### What is required
Copy out each line below in which the string "fill" appears.
**** The records
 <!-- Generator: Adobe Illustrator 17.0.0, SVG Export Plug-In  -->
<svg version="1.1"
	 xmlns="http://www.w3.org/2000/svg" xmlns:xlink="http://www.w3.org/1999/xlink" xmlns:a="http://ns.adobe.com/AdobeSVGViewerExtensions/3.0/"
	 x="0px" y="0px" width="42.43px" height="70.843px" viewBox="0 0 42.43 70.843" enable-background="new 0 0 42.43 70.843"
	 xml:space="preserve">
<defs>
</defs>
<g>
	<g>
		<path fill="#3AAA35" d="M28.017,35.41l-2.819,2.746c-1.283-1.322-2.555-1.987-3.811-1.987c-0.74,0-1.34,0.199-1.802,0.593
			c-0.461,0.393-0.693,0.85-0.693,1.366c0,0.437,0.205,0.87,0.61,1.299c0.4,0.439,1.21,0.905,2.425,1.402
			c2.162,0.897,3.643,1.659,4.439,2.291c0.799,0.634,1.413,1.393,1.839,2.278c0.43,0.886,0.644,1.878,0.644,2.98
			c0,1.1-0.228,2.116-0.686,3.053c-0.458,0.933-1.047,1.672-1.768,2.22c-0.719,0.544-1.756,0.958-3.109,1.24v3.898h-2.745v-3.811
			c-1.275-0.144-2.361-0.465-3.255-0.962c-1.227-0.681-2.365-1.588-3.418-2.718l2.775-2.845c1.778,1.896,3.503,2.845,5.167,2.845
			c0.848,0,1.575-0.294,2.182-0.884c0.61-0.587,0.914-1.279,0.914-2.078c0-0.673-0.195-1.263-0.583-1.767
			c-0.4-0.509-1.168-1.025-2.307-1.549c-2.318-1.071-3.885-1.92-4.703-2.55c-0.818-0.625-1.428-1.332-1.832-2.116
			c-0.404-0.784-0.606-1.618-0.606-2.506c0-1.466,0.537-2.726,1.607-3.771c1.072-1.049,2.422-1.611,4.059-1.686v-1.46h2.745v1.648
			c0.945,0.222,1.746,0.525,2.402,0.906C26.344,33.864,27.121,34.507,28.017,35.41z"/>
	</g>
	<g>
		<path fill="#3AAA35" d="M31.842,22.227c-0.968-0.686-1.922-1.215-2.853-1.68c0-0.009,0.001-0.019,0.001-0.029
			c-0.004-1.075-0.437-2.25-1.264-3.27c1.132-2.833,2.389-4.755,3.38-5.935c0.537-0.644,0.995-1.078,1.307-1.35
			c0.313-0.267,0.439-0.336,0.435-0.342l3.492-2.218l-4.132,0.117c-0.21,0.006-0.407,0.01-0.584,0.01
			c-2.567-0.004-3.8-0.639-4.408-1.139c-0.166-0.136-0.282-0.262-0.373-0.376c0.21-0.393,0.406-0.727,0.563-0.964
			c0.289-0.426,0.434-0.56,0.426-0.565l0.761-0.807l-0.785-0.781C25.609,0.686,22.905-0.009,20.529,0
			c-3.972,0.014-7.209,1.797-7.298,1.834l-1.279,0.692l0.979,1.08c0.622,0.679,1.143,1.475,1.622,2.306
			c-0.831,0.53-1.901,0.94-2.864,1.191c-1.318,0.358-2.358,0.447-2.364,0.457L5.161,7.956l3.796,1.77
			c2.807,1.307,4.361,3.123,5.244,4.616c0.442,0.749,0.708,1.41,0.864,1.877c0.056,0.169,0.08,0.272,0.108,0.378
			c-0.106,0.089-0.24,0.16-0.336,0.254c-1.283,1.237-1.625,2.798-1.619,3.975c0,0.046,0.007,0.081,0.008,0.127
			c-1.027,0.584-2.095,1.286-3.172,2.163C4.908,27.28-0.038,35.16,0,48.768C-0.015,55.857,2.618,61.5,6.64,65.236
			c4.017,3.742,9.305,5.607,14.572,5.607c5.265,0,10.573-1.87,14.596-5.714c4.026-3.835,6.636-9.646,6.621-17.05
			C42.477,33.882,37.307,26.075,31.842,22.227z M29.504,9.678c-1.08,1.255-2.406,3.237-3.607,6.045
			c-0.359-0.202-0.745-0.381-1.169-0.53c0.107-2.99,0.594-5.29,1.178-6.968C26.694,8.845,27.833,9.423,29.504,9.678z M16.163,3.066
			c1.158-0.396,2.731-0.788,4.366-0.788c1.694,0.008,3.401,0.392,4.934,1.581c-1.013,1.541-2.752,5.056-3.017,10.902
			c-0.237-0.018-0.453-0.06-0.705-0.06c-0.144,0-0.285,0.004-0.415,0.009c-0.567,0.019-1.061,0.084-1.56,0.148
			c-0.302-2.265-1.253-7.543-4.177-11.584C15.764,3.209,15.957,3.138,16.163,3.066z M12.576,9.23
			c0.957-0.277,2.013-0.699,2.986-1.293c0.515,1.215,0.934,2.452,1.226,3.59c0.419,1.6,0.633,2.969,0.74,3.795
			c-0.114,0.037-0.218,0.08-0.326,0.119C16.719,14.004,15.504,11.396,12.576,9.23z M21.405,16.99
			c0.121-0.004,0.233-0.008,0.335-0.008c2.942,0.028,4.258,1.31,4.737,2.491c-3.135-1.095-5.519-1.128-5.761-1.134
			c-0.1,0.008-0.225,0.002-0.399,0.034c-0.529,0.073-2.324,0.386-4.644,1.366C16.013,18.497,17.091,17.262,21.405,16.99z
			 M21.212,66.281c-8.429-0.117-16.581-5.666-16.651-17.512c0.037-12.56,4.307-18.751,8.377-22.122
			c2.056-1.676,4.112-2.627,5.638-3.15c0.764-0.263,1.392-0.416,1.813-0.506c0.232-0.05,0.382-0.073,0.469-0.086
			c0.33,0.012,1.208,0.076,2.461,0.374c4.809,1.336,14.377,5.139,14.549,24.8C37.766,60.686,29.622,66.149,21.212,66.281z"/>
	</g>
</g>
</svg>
********
### Answer
		<path fill="#3AAA35" d="M28.017,35.41l-2.819,2.746c-1.283-1.322-2.555-1.987-3.811-1.987c-0.74,0-1.34,0.199-1.802,0.593
		<path fill="#3AAA35" d="M31.842,22.227c-0.968-0.686-1.922-1.215-2.853-1.68c0-0.009,0.001-0.019,0.001-0.029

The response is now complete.